第6回 眼底検査 (2001/12/29)

 

目の検査といえばまず視力検査だが、これは直接に目の中を調べるわけではないので、どうということはない。しかし眼底をカメラで撮影するというとやはりただごとではない。

糖尿病は糖尿性網膜症という目の合併症が起こる。場合によっては視力を失うこともあり、失明全体に占める割合も高いらしい。

年齢的に老眼への変化ということもあるが、ここ一年半で大きな変化といえばガチャ目になってきたことだ。普通、視力が落ちるのは両眼同時に起こる。しかし左目だけが見にくくなって視力が落ちた。右目はどちらかといえば視力が良くなったような気もする。

コンピュータなどをやるうえで、ガチャ目であることはあんまり気にならないのだが、段差や階段の下りは距離感がつかめなくって少し不自由だ。

視力検査の結果は思わぬものだった。両眼とも強制視力は同じ程度で、左目の視力の低下そのものは眼球の中ににごりがあり、その位置が悪くものを見えにくくしているらしい。それを除去すれば回復も望めるということらしい。

本格的な眼底検査をやることになった。血管に造影剤を注入しカメラ撮影をする。検査にあたって何度も副作用について説明があり誓約書を書かされた。何かものものしい。と同時にどんなことをするのか興味もわいてきた。
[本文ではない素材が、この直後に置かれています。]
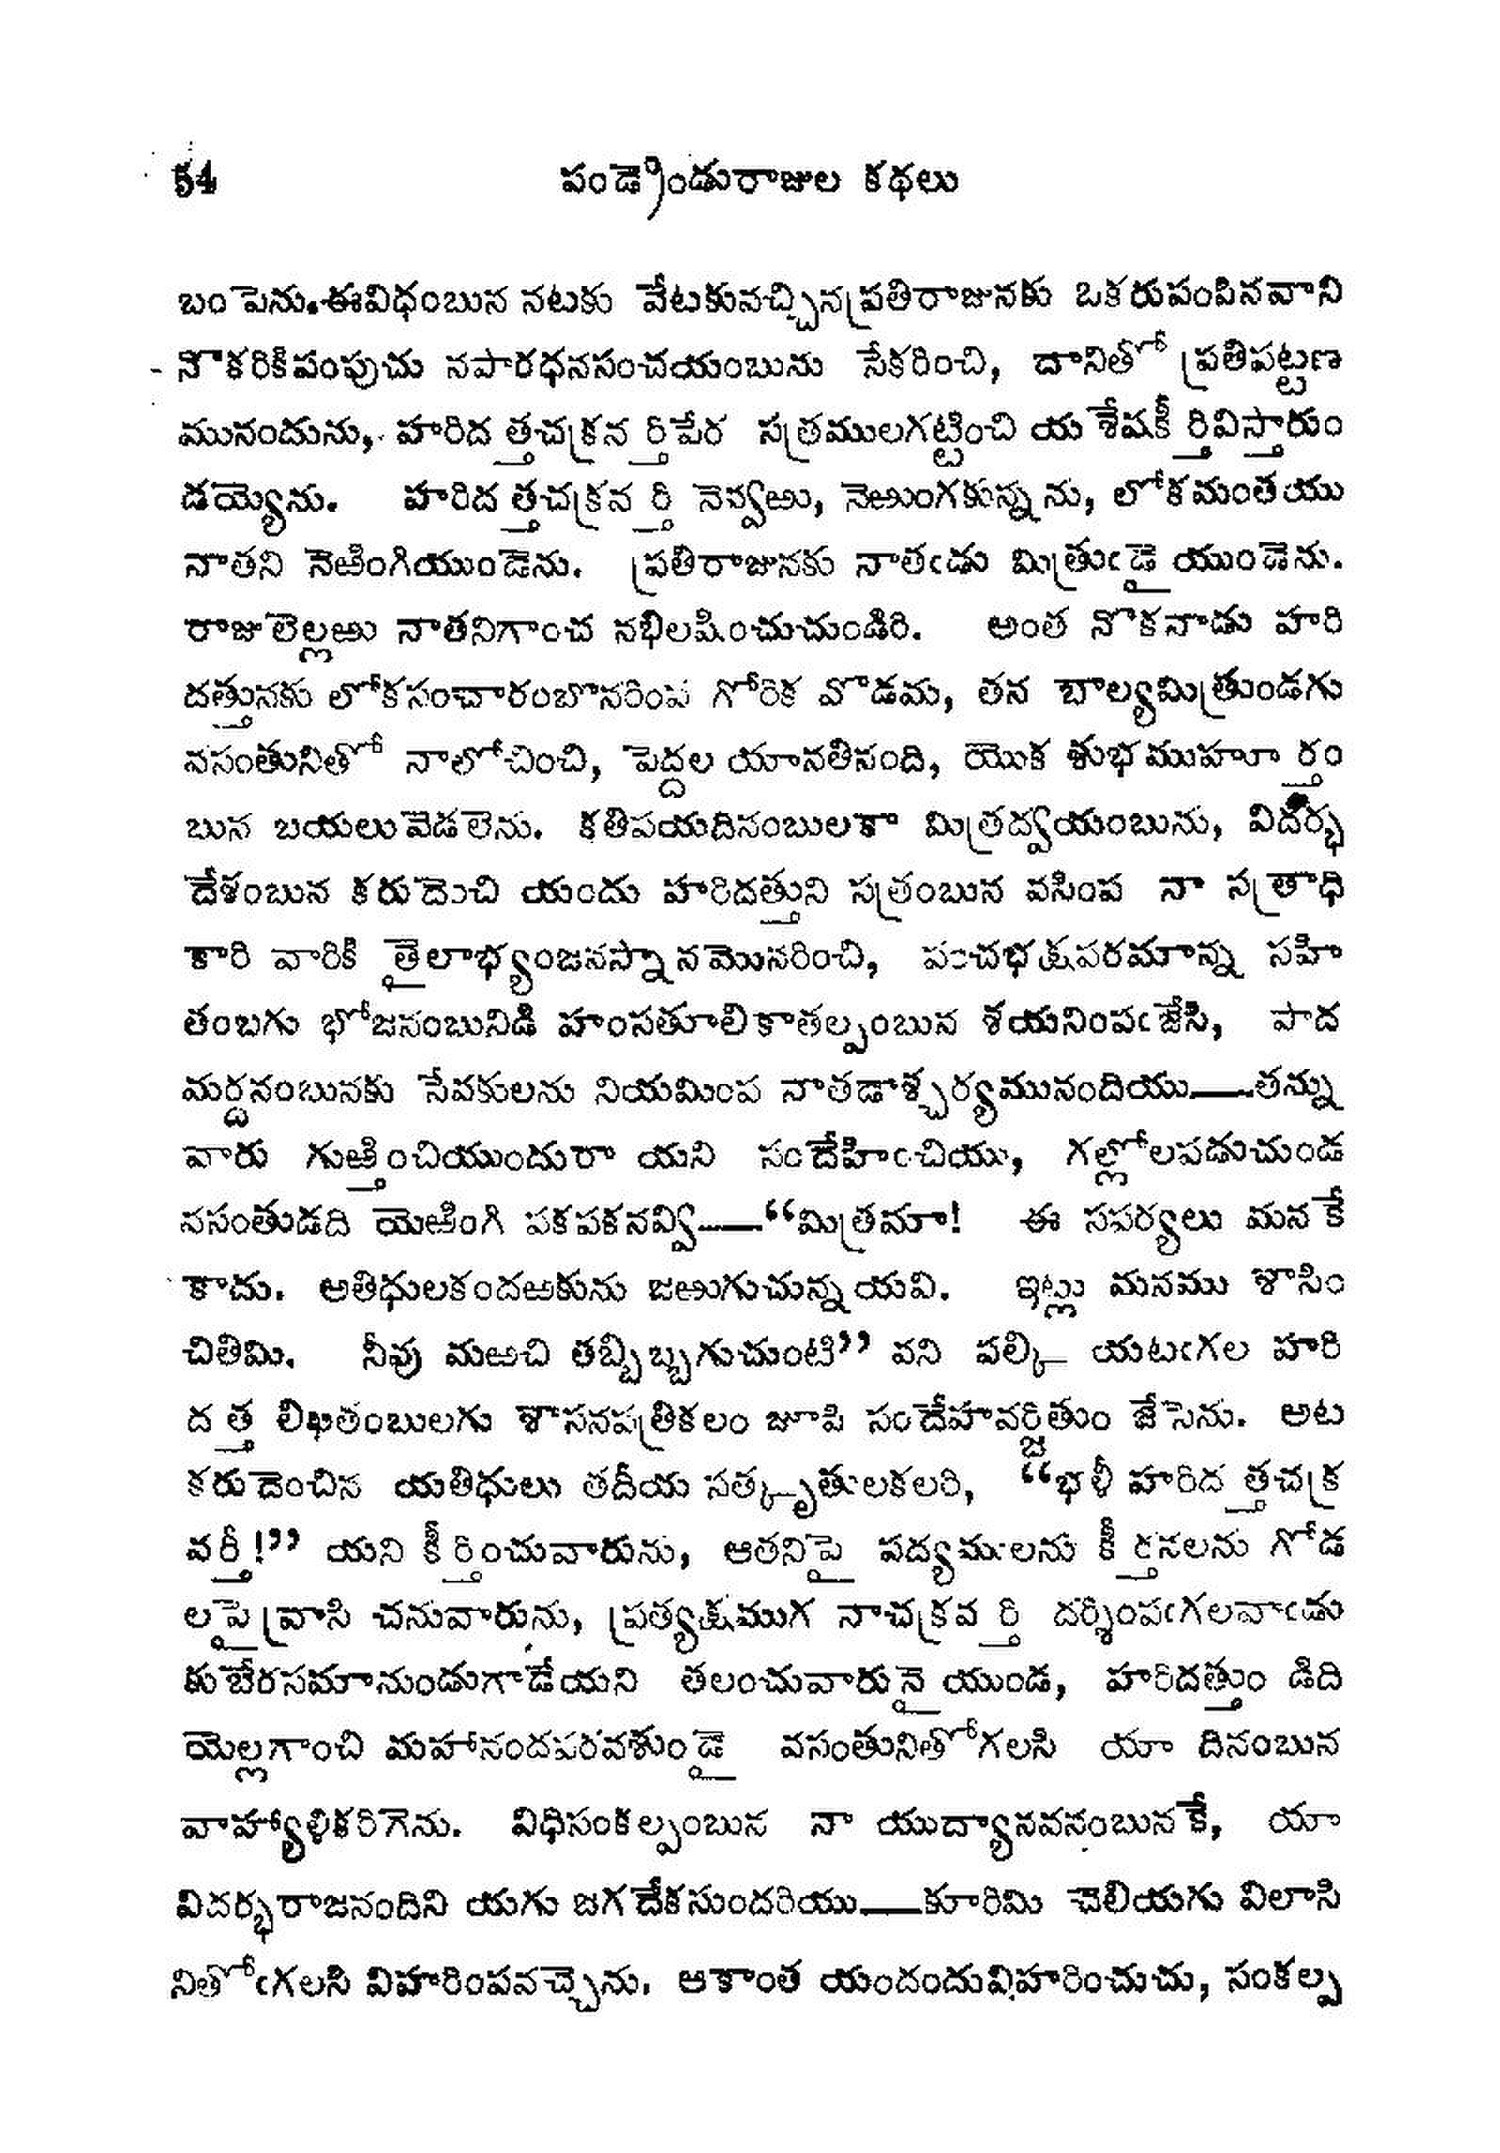బంపెను. ఈ విధంబున నటకు వేటకువచ్చిన ప్రతి రాజునకు ఒకరుపంపినవాని నొకరికి పంపుచు నపారధనసంచయంబును సేకరించి, దానితో ప్రతిపట్టణమునందును, హరిదత్తచక్రవర్తి పేర సత్రములగట్టించి యశేషకీర్తివిస్తారుండయ్యెను. హరిదత్త చక్రవర్తి నెవ్వఱు, నెఱుంగకున్నను, లోకమంతయు నాతని నెఱింగియుండెను. ప్రతి రాజునకు నాతఁడు మిత్రుఁడై యుండెను. రాజు లెల్లఱు నాతనిగాంచ నభిలషించుచుండిరి. అంత నొకనాడు హరిదత్తునకు లోక సంచారంబొనరింప గోరిక వొడమ, తన బాల్యమిత్రుండగు వసంతునితో నాలోచించి, పెద్దల యానతినంది, యొక శుభ ముహూర్తంబున బయలు వెడలెను. కతిపయదినంబులగా మిత్రద్వయంబును, విదర్భ దేశంబున కరుదెంచి యందు హరిదత్తుని సత్రంబున వసింప నా సత్రాధికారి వారికి తైలాభ్యంజనస్నానమొనరించి, పంచభక్షపరమాన్న సహితంబగు భోజనంబునిడి హంసతూలికా తల్పంబున శయనింపఁ జేసి, పాద మర్దనంబునకు సేవకులను నియమింప నాతడాశ్చర్యమునందియు——తన్నువారు గుఱ్తించియుందురా యని సందేహించియు, గల్లోలపడుచుండ వసంతుడది యెఱింగి పకపక నవ్వి——"మిత్రమా! ఈ సపర్యలు మనకే కాదు. అతిధులకందఱకును జఱుగుచున్న యవి. ఇట్లు మనము శాసించితిమి, నీవు మఱచి తబ్బిబ్బగుచుంటి" వని పల్కి యటఁగల హరిదత్త లిఖతంబులగు శాసనపత్రికలం జూపి సందేహవర్జితుం జేసెను. అట కరుదెంచిన యతిధులు తదీయ సత్కృతులకలరి, "భళీ హరిదత్తచక్రవర్తీ !" యని కీర్తించువారును, ఆతనిపై పద్యములను కీర్తనలను గోడలపై వ్రాసి చనువారును, ప్రత్యక్షముగ నాచక్రవర్తి దర్శింపఁగలవాఁడు కుబేరసమానుండుగాడేయని తలంచువారునై యుండ, హరిదత్తుం డిది యెల్లగాంచి మహానందపరవశుండై వసంతునితోగలసి యా దినంబున వాహ్యాళికరిగెను. విధిసంకల్పంబున నా యుద్యానవనంబునకే, యా విదర్భరాజనందిని యగు జగదేక సుందరియు—— కూరిమి చెలియగు విలాసినితోఁగలసి విహరింపవచ్చెను. ఆకాంత యందందువిహరించుచు, సంకల్ప

造影剤は点滴で注入される。現在点滴中なのでこれはどうということはない。20分ほどしてから撮影がはじまった。装置は普通の目の検査の機械と同じで、あごを台にのせて額を固定し、レンズを通して向かい側の医師が目をのぞく。機械にはカメラが付いている。これは顕微鏡や望遠鏡と同じだ。

室内が暗くされ、看護婦さんが頭を後ろから押さえつけ、まばたきしないように指でまぶたを開き、身動きとれなくなった。目の前には丸く白い1センチくらいのスポットがあり、いきなりフラッシュがたかた。ショックを感じた。押さえつけられていなければのけぞってしまったに違いない。

これは拷問の機械か?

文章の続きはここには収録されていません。